Objectives: - To help students grow in their knowledge and love of literature and their regard for the people who create it
- To teach them to read, write about, and discuss works within and without the evolving literary canon with precision, sensitivity, energy, and imagination
- To encourage them to develop a deep and abiding resonance with some literary texts
- To allow them to shape their own values and preferences with respect to both the style and substance of others.

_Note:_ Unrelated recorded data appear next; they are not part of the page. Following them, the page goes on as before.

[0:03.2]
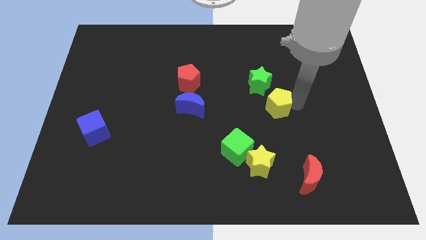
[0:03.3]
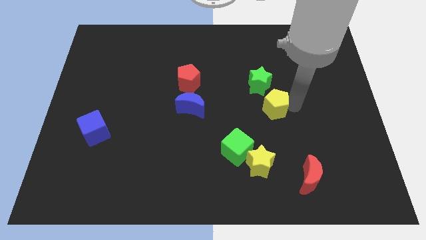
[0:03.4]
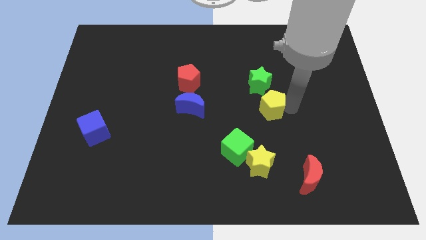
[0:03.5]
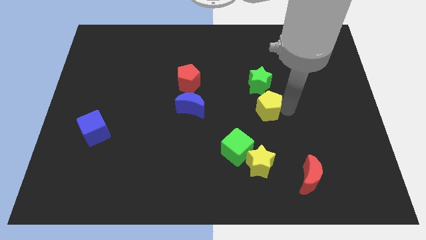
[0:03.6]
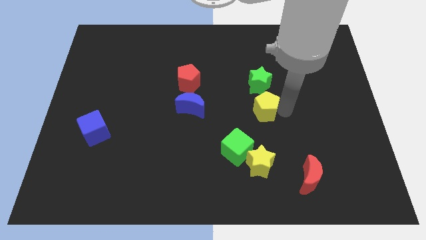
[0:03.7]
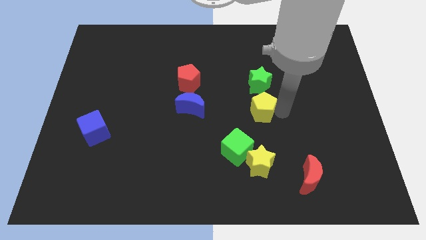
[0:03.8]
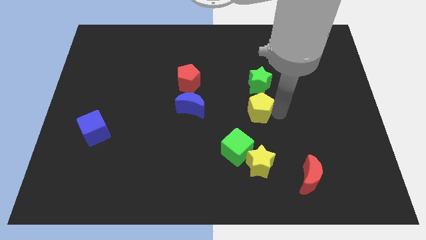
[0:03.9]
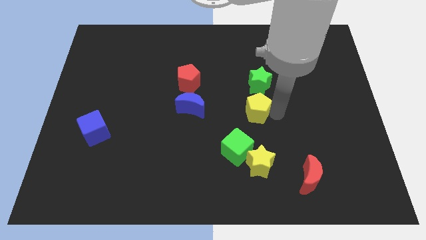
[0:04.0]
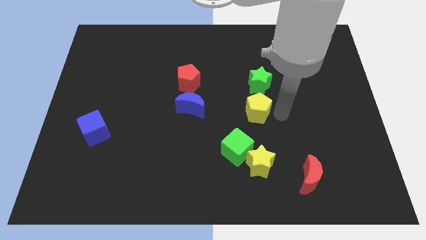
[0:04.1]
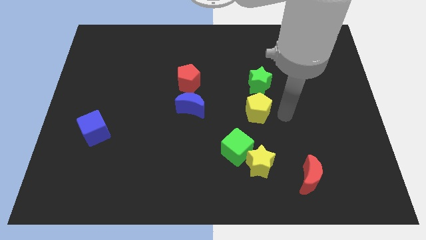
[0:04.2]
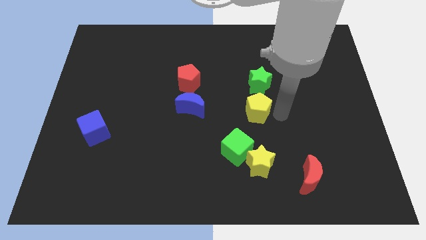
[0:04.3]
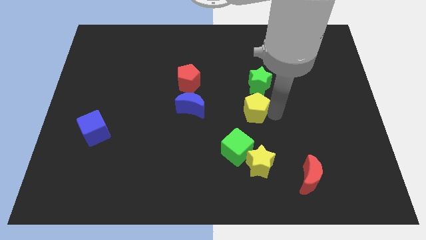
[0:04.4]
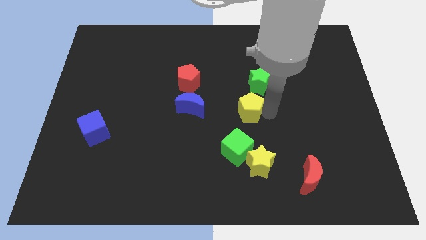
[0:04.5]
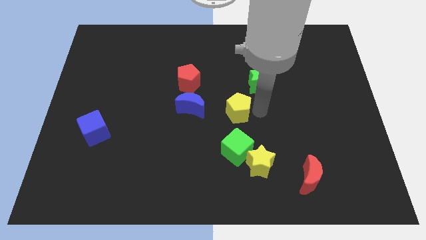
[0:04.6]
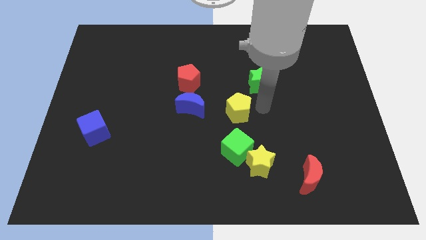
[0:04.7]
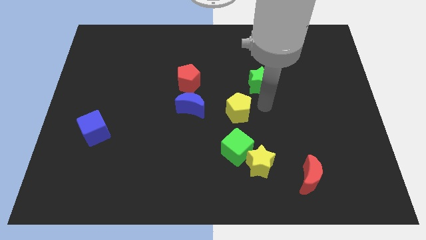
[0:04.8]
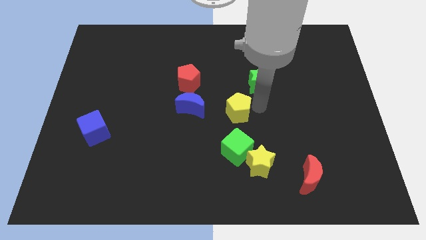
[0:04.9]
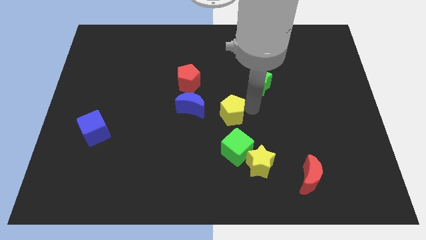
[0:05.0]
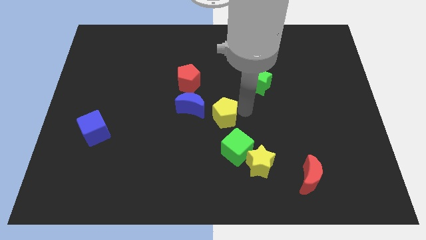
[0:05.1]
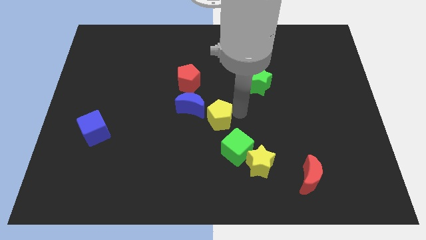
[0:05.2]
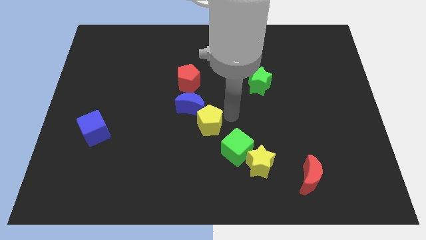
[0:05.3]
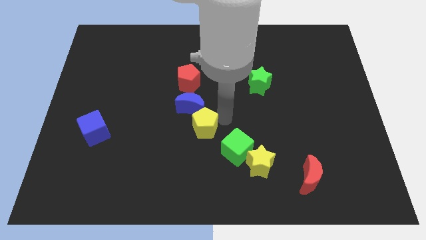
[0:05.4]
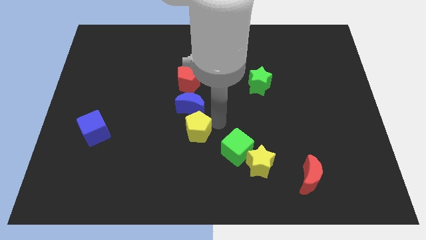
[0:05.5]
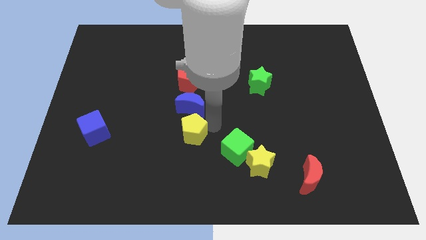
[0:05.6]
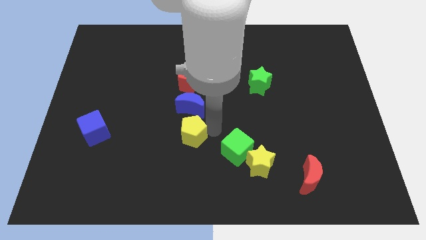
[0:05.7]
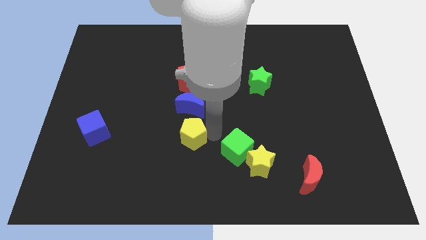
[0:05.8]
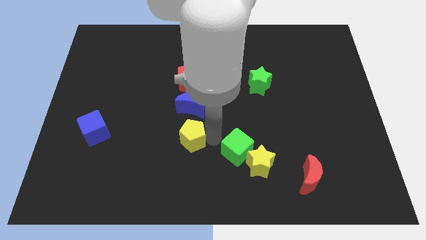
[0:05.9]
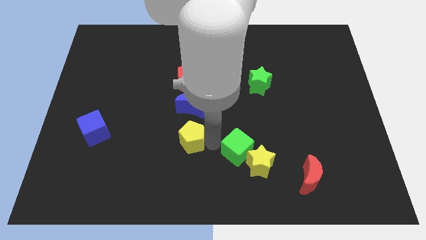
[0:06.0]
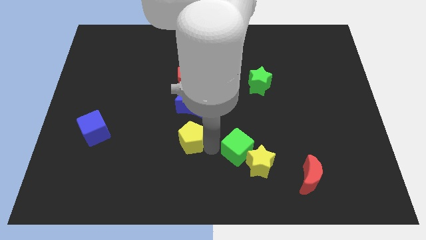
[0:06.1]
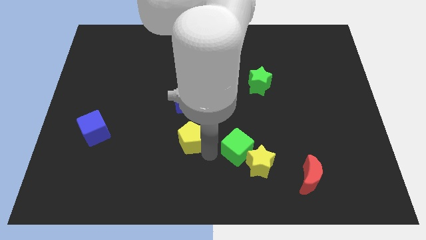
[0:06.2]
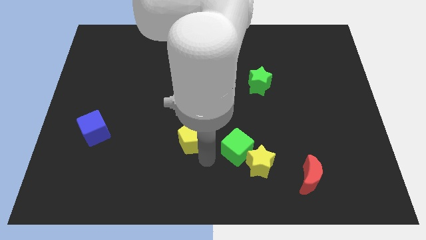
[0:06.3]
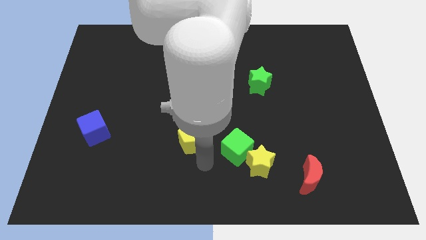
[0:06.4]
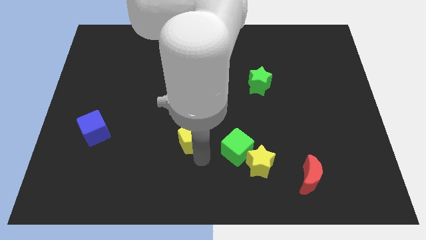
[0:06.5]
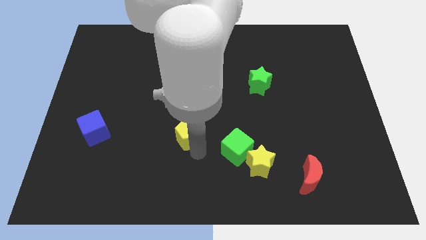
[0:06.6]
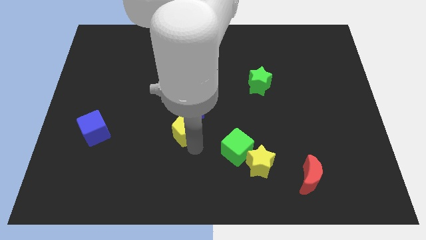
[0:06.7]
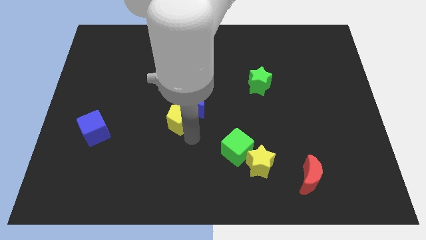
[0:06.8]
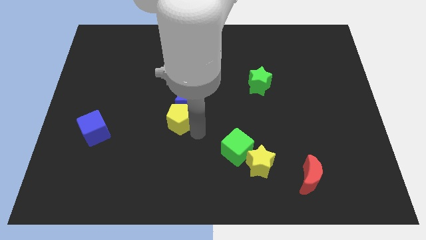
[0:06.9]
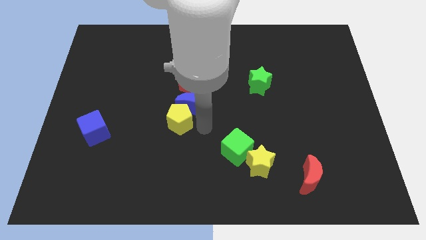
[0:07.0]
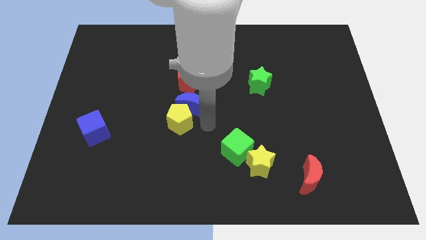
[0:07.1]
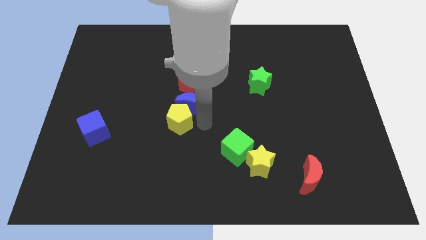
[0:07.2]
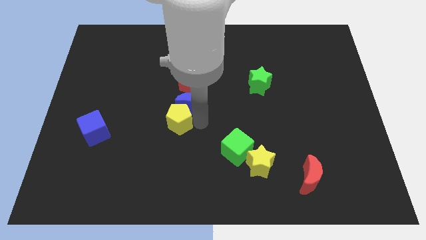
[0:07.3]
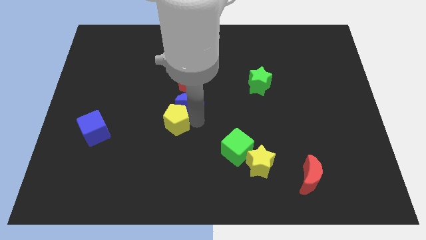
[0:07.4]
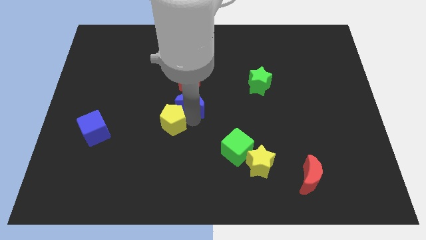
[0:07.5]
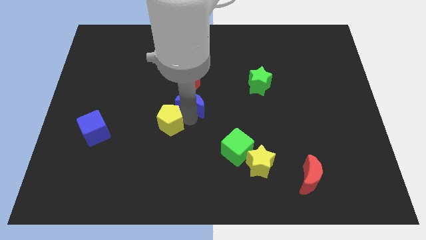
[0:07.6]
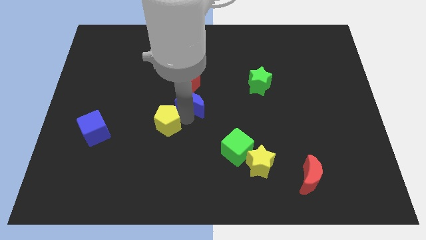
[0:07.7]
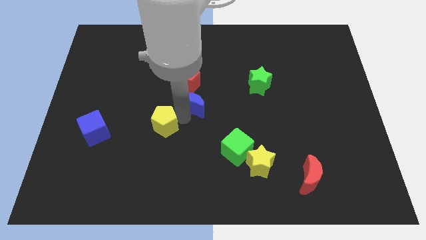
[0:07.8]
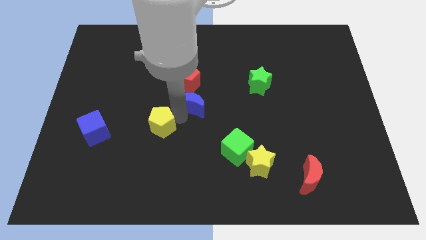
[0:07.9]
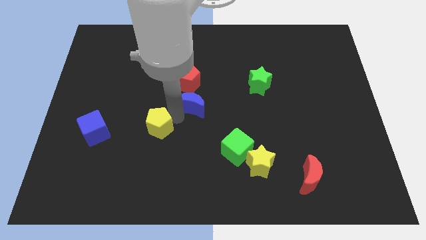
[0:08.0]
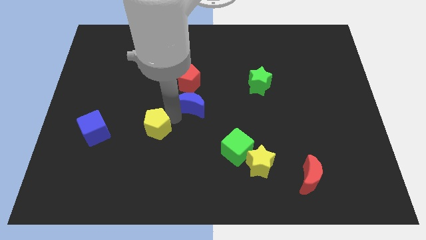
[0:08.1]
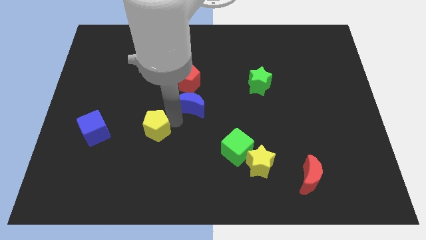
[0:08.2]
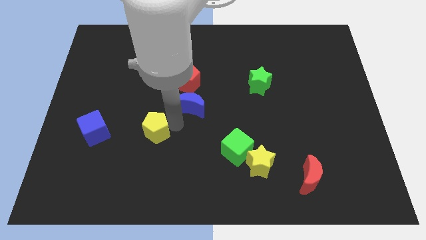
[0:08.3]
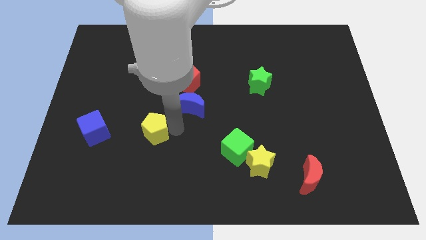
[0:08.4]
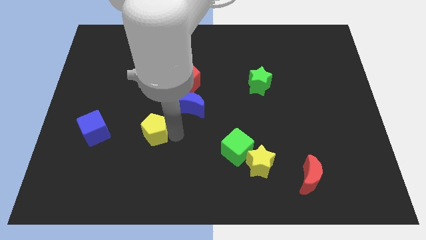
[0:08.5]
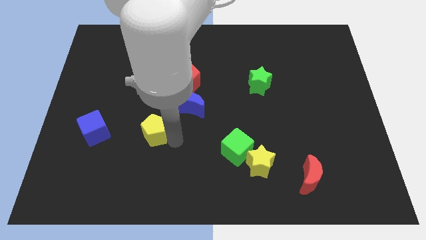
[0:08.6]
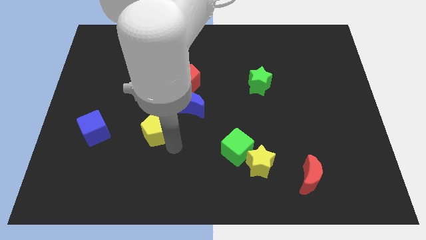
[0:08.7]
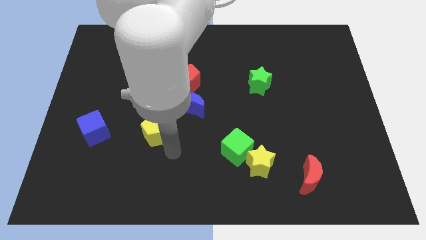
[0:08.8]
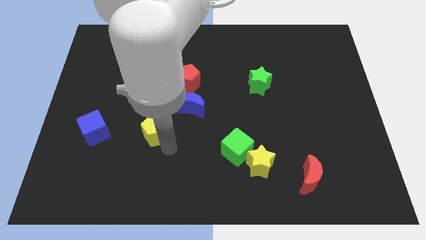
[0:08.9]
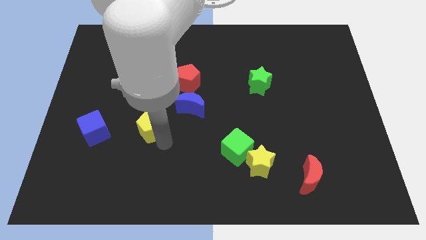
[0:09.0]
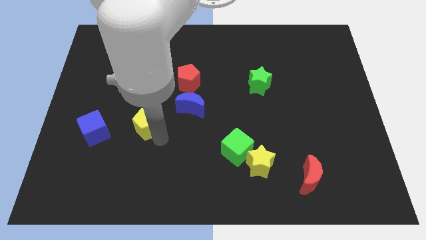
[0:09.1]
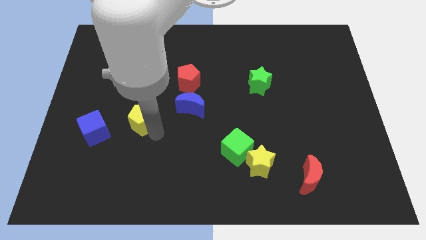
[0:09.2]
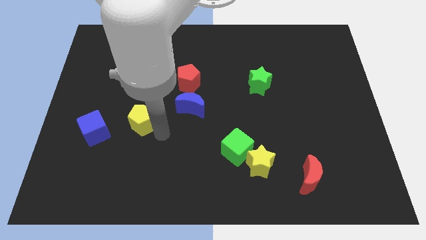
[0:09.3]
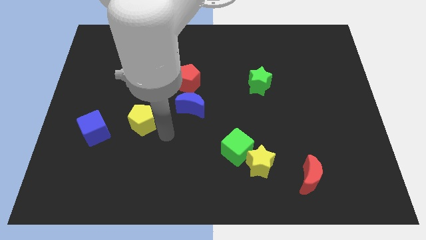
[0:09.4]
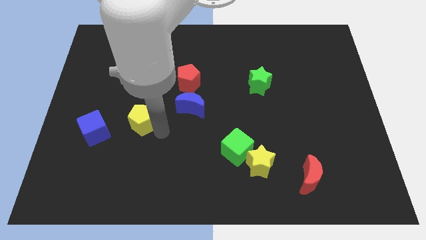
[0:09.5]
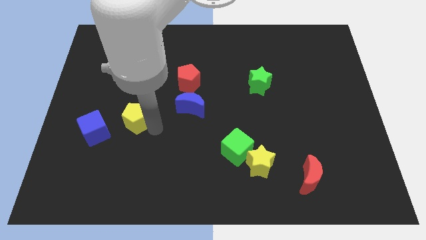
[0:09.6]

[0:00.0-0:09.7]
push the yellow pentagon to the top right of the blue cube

Assessments:Journal: A notebook in which students include the names and brief descriptions of all the main characters in a work, a concise summary of the work, at least five high-level, challenging vocabulary words with their correct definitions as used in the text, and at least five significant passages from every main section. Students should examine the relevance of these passages to the work’s characterization, conflict, setting, point of view, symbols, and/or theme or generate a discussion question pertaining to the passage. The journal for each text should include 10 to 20 passages. This major project will be utilized for class discussions in which the students will lead the discourse by reading aloud passages and presenting their informal analysis as well as sharing their findings on literary elements in the text. The class will also talk about some of the vocabulary noted in the journals; in addition to learning new words, students will have the opportunity to discuss the author’s use of diction. This journal also will serve as an excellent study aid for the A.P. examination. It will be reviewed at the end of the year, at which time students will choose at least three works which they will review in depth.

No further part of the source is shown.